▶ Brief: The records must be returned word for word.

▶ Information supplied:
-- Opening Marker --
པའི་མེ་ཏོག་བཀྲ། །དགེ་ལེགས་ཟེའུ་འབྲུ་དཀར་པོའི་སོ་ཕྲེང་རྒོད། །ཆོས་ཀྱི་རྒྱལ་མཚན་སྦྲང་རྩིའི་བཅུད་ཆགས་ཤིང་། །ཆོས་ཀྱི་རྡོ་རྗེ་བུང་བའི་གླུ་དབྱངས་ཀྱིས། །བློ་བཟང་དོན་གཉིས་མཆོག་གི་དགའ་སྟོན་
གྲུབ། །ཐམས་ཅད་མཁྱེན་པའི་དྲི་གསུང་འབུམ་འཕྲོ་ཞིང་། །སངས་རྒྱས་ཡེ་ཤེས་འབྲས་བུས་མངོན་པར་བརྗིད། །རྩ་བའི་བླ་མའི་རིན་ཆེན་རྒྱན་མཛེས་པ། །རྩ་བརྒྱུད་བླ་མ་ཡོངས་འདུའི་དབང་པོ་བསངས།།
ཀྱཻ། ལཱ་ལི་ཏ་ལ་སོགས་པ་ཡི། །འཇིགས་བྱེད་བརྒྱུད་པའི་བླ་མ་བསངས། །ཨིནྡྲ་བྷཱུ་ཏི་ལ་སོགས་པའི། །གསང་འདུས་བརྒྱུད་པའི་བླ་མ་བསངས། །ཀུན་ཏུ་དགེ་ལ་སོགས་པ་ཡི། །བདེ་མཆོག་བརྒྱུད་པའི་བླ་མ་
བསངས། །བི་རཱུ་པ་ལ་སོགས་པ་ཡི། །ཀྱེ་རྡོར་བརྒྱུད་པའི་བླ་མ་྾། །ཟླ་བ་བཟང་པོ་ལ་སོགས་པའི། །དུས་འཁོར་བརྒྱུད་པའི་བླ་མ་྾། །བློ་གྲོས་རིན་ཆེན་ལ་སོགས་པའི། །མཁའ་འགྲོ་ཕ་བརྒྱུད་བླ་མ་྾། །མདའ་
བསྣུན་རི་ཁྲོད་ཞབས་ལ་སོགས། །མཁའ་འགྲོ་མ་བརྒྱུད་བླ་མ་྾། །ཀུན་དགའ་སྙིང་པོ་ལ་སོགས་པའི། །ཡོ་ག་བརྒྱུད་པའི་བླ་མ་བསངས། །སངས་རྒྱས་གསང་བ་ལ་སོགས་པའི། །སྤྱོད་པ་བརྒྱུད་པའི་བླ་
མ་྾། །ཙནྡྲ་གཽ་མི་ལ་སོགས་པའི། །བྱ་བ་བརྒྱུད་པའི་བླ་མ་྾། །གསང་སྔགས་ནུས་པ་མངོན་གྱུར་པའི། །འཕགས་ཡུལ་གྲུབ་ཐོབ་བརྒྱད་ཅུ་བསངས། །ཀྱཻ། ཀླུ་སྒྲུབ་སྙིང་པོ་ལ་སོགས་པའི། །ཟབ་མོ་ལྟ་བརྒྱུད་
-- Closing Marker --
▶ Written solution:
པའི་མེ་ཏོག་བཀྲ། །དགེ་ལེགས་ཟེའུ་འབྲུ་དཀར་པོའི་སོ་ཕྲེང་རྒོད། །ཆོས་ཀྱི་རྒྱལ་མཚན་སྦྲང་རྩིའི་བཅུད་ཆགས་ཤིང་། །ཆོས་ཀྱི་རྡོ་རྗེ་བུང་བའི་གླུ་དབྱངས་ཀྱིས། །བློ་བཟང་དོན་གཉིས་མཆོག་གི་དགའ་སྟོན་
གྲུབ། །ཐམས་ཅད་མཁྱེན་པའི་དྲི་གསུང་འབུམ་འཕྲོ་ཞིང་། །སངས་རྒྱས་ཡེ་ཤེས་འབྲས་བུས་མངོན་པར་བརྗིད། །རྩ་བའི་བླ་མའི་རིན་ཆེན་རྒྱན་མཛེས་པ། །རྩ་བརྒྱུད་བླ་མ་ཡོངས་འདུའི་དབང་པོ་བསངས།།
ཀྱཻ། ལཱ་ལི་ཏ་ལ་སོགས་པ་ཡི། །འཇིགས་བྱེད་བརྒྱུད་པའི་བླ་མ་བསངས། །ཨིནྡྲ་བྷཱུ་ཏི་ལ་སོགས་པའི། །གསང་འདུས་བརྒྱུད་པའི་བླ་མ་བསངས། །ཀུན་ཏུ་དགེ་ལ་སོགས་པ་ཡི། །བདེ་མཆོག་བརྒྱུད་པའི་བླ་མ་
བསངས། །བི་རཱུ་པ་ལ་སོགས་པ་ཡི། །ཀྱེ་རྡོར་བརྒྱུད་པའི་བླ་མ་྾། །ཟླ་བ་བཟང་པོ་ལ་སོགས་པའི། །དུས་འཁོར་བརྒྱུད་པའི་བླ་མ་྾། །བློ་གྲོས་རིན་ཆེན་ལ་སོགས་པའི། །མཁའ་འགྲོ་ཕ་བརྒྱུད་བླ་མ་྾། །མདའ་
བསྣུན་རི་ཁྲོད་ཞབས་ལ་སོགས། །མཁའ་འགྲོ་མ་བརྒྱུད་བླ་མ་྾། །ཀུན་དགའ་སྙིང་པོ་ལ་སོགས་པའི། །ཡོ་ག་བརྒྱུད་པའི་བླ་མ་བསངས། །སངས་རྒྱས་གསང་བ་ལ་སོགས་པའི། །སྤྱོད་པ་བརྒྱུད་པའི་བླ་
མ་྾། །ཙནྡྲ་གཽ་མི་ལ་སོགས་པའི། །བྱ་བ་བརྒྱུད་པའི་བླ་མ་྾། །གསང་སྔགས་ནུས་པ་མངོན་གྱུར་པའི། །འཕགས་ཡུལ་གྲུབ་ཐོབ་བརྒྱད་ཅུ་བསངས། །ཀྱཻ། ཀླུ་སྒྲུབ་སྙིང་པོ་ལ་སོགས་པའི། །ཟབ་མོ་ལྟ་བརྒྱུད་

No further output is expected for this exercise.